Pictures are to be left out; every line from the one that holds "State the crop and the health of the leaf." to the end of the data is to be retyped exactly.
——————
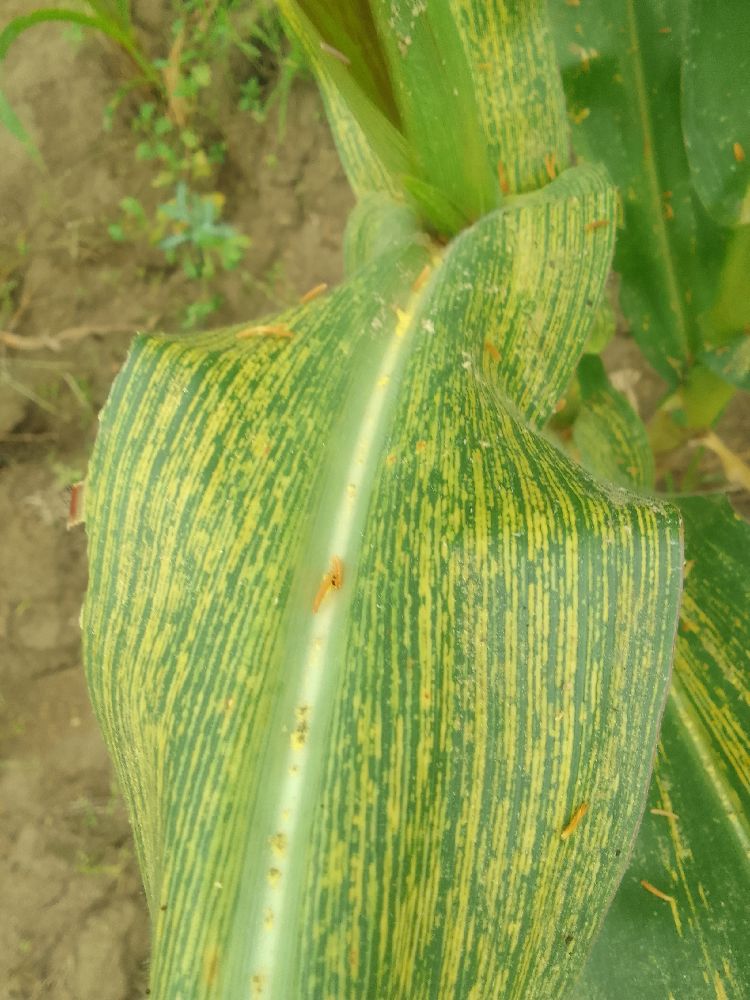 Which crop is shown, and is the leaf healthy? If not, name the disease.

maize, maize streak virus
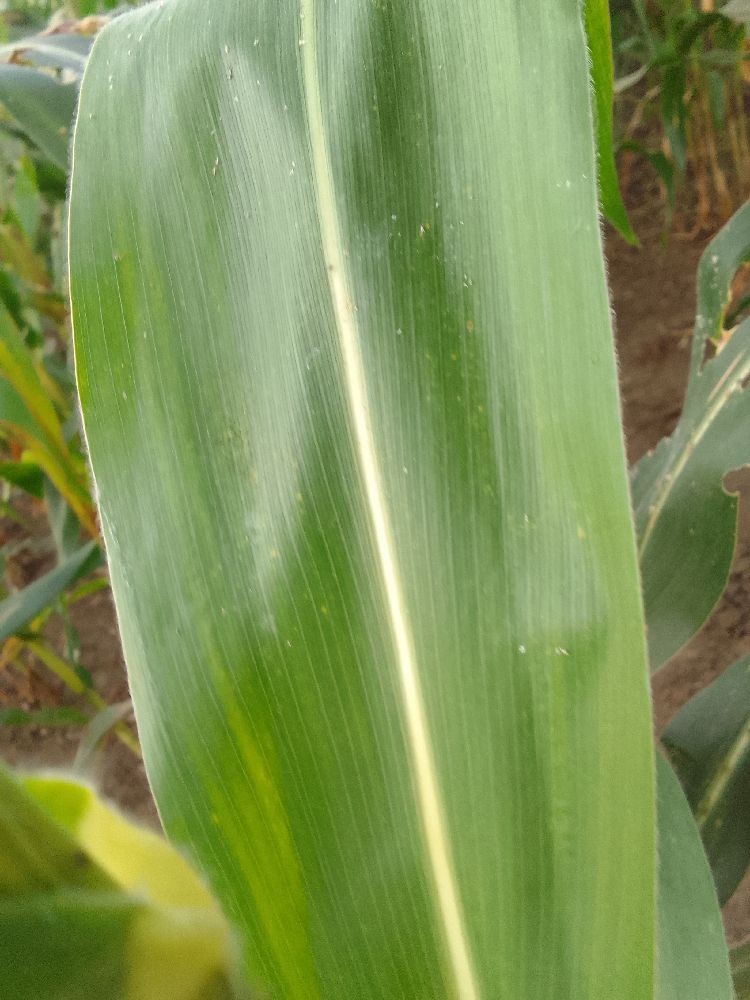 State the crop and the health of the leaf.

maize, healthy
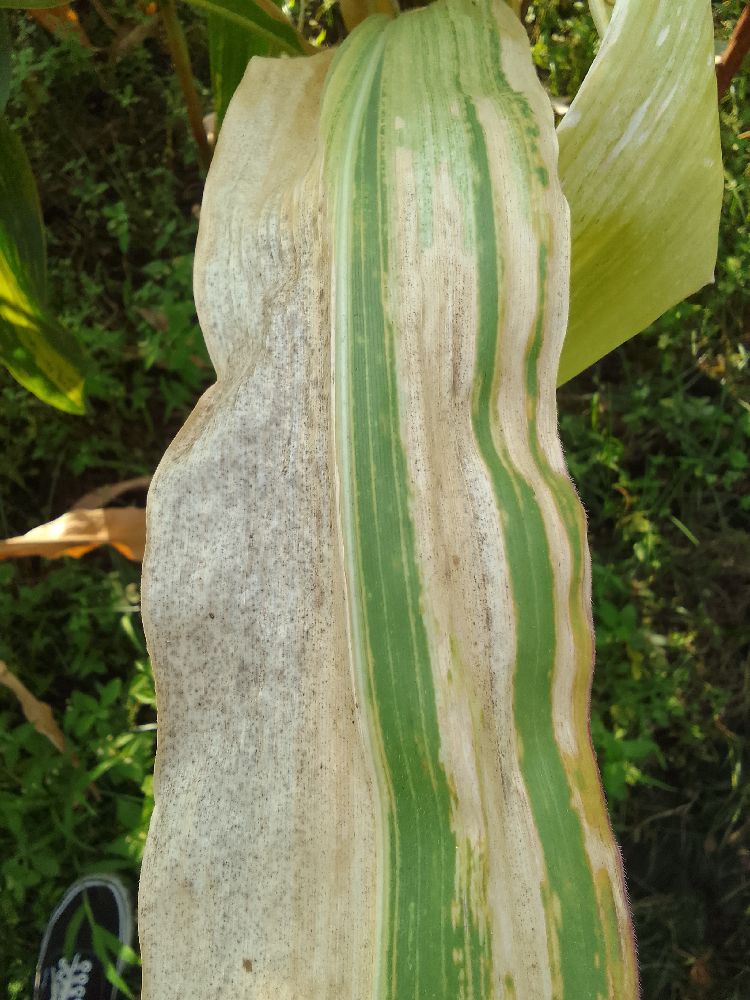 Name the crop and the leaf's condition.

maize, maize lethal necrosis
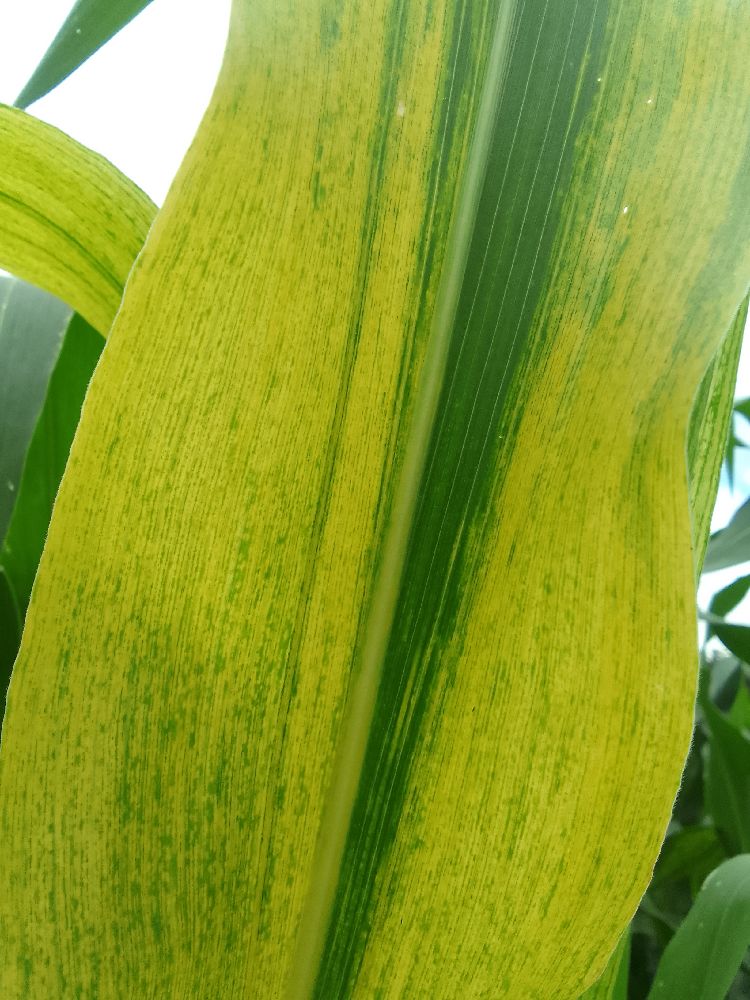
——————
• Written reply:
 State the crop and the health of the leaf.

maize, healthy
 Name the crop and the leaf's condition.

maize, maize lethal necrosis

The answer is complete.